With nine 0.300-inch-diameter runners, I could tell the sprue O-diameter was undersized just by looking at it. Did it need to be 0.312 inch instead of 0.200 inch? Let’s figure it out: With four runners coming off the sprue, we would increase it by 30%; with six runners, 35%; with eight, 40%; and with 10, 45%. Since we had nine, the calculation was to increase by 42.5% for a diameter of 0.428 inch.
Now, that’s pretty huge for this application. The runners weren’t that long and PP with a light glass load would allow the material to flow fairly well, so I suggested they start out with a 0.375-inch sprue O-diameter and enlarge it if needed.
With the O-diameter at 0.375 inch, the general-purpose nozzle orifice needed to be 0.335 inch, or roughly 10% smaller (originally it was 0.125 inch).

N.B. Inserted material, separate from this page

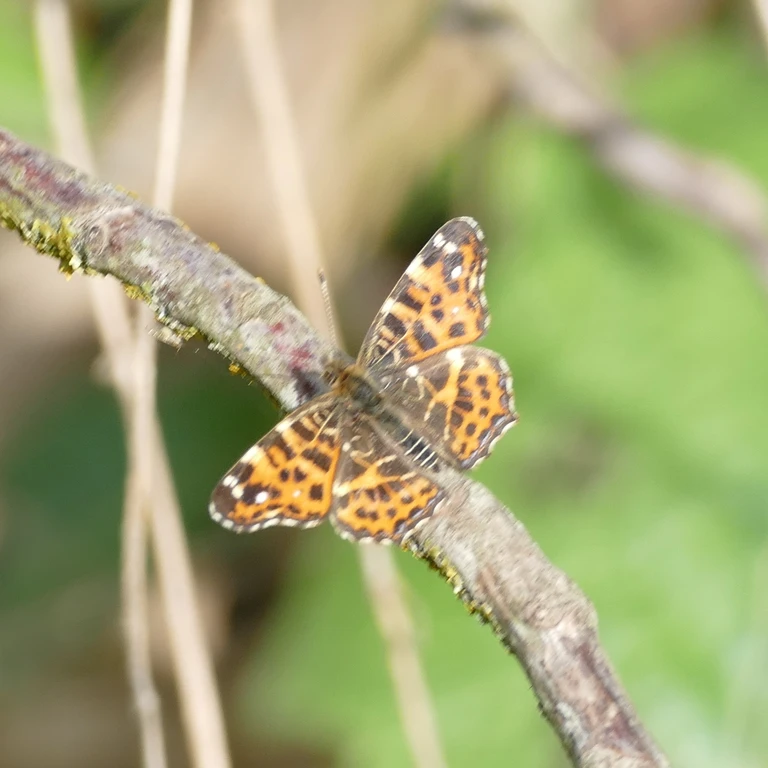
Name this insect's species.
Araschnia levana
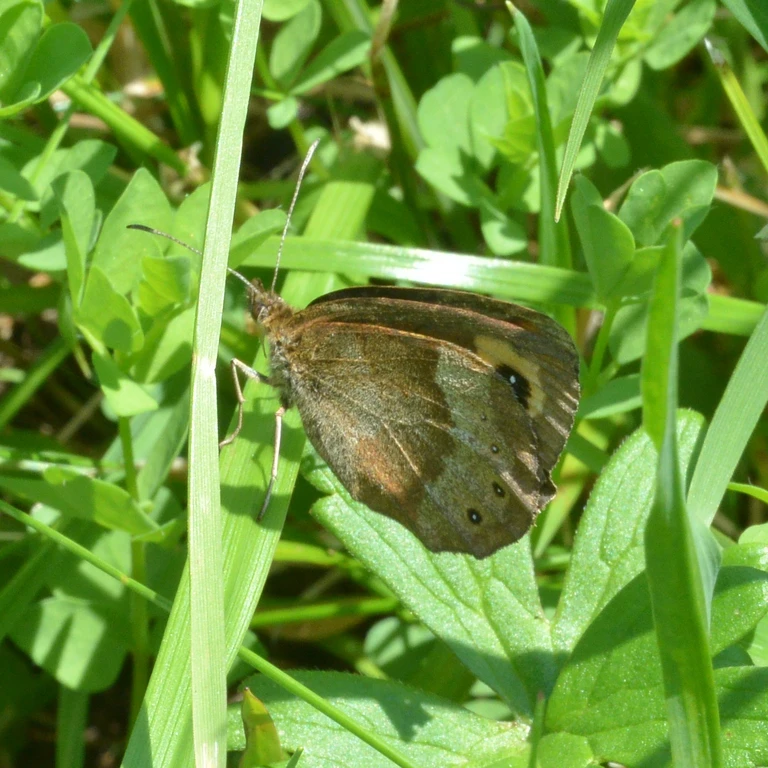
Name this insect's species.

Normally a nozzle orifice this large might cause stringing or drooling, but if these guys watched their heats carefully, they wouldn’t have much of a problem.
Next, I looked at the gates to see if anything was out of kilter. They were 0.075 inch deep and 0.110 inch wide, and had a land length of 0.090 inch. Gates should be deeper with glass-filled material, and if the gates are deeper they must also be wider. The land length requirement always remains the same.

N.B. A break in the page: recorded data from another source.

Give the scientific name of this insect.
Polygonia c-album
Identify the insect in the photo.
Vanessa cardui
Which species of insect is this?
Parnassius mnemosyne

Even after making the recommended changes, this large automotive part still showed cosmetic defects. The Troubleshooter arrived in person and discovered one more adjustment was needed. |
Let me put some numbers to these rules for glass-filled materials. The gate depth should be 75-90% of the wall. I used 90% for this calculation given the size of the part. The wall thickness of 0.110 inch multiplied by 90% gave me a gate depth of 0.100 inch.

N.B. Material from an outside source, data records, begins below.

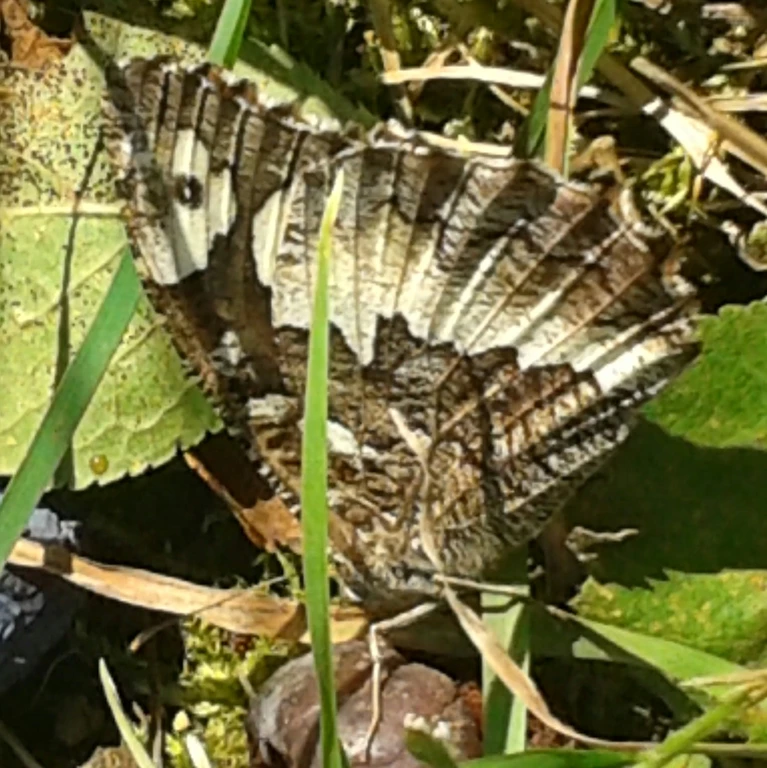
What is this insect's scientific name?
Brintesia circe
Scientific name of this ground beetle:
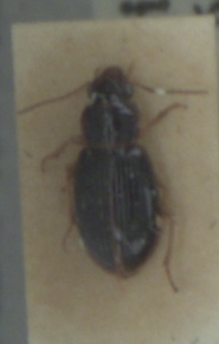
Bradycellus sharpi
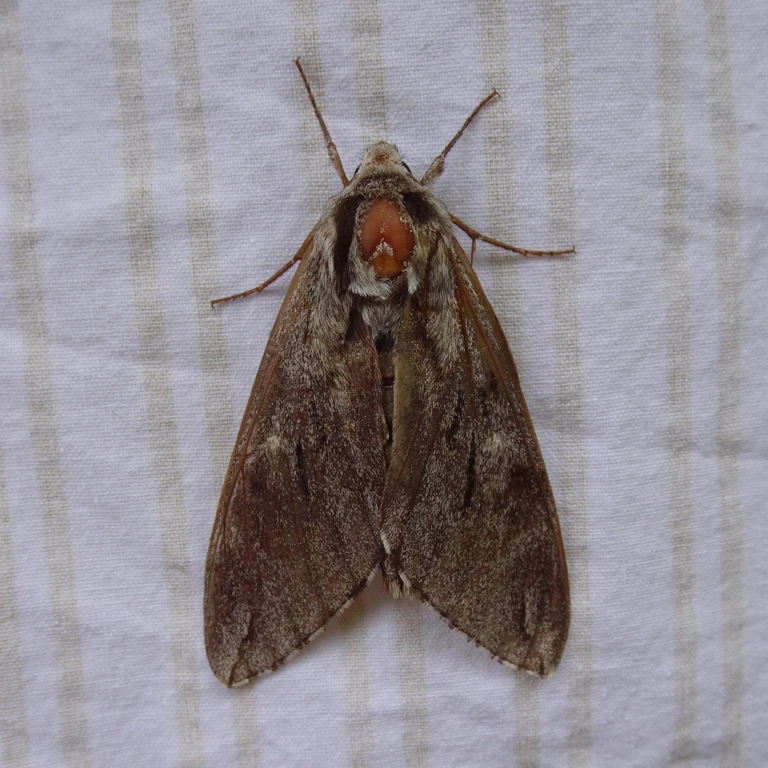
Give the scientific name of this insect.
Sphinx pinastri

The width of an edge gate for a part this big is two times the gate depth, or 0.200 inch instead of 0.110 inch. The gate land needed to be one-half the depth but not exceed 0.030 inch. This meant the edge gate land length needed to be 0.030 inch for this part.
I got the molder and toolroom supervisor on the phone and told them the changes they needed to make. Then I told them that as long as they were making changes to the mold, we might as well get rid of the quick-disconnect waterline couplers and waterline loops. They said they would work on the changes and let me know how it turned out.
In-person assistance
I got a call a week later and they were not very happy. They said all the changes had been made, the mold sampled, and the parts looked a little better, but they were still getting a lot of rejects due to surface streaks. We tried to discuss the surface-streaking problem over the phone but didn’t have much success figuring out the problem. We finally agreed it would be best if I made a trip to Detroit to see for myself what was causing their 20%-plus reject rate.
When I arrived, I checked the mold for all the changes I suggested, even the quick disconnects and hose loops. To my surprise, they all had been made. The molder had even added vacuum venting to be sure nothing was left to chance.
We started the molding machine, waited for the mold temperatures to stabilize, and began checking surface cosmetics. We still had streaks in a few places. The reject rate was lower but not by much—between 10% and 15%.
Did we miss something? I asked Bill, the lead molding technician, to give me a list of process changes they had tried before they made my latest round of changes, and then asked him to run the original process conditions. He changed the heats, speeds, pressures, mold temperatures, and cycle times. When we were finished, Bill looked at me and asked, What next?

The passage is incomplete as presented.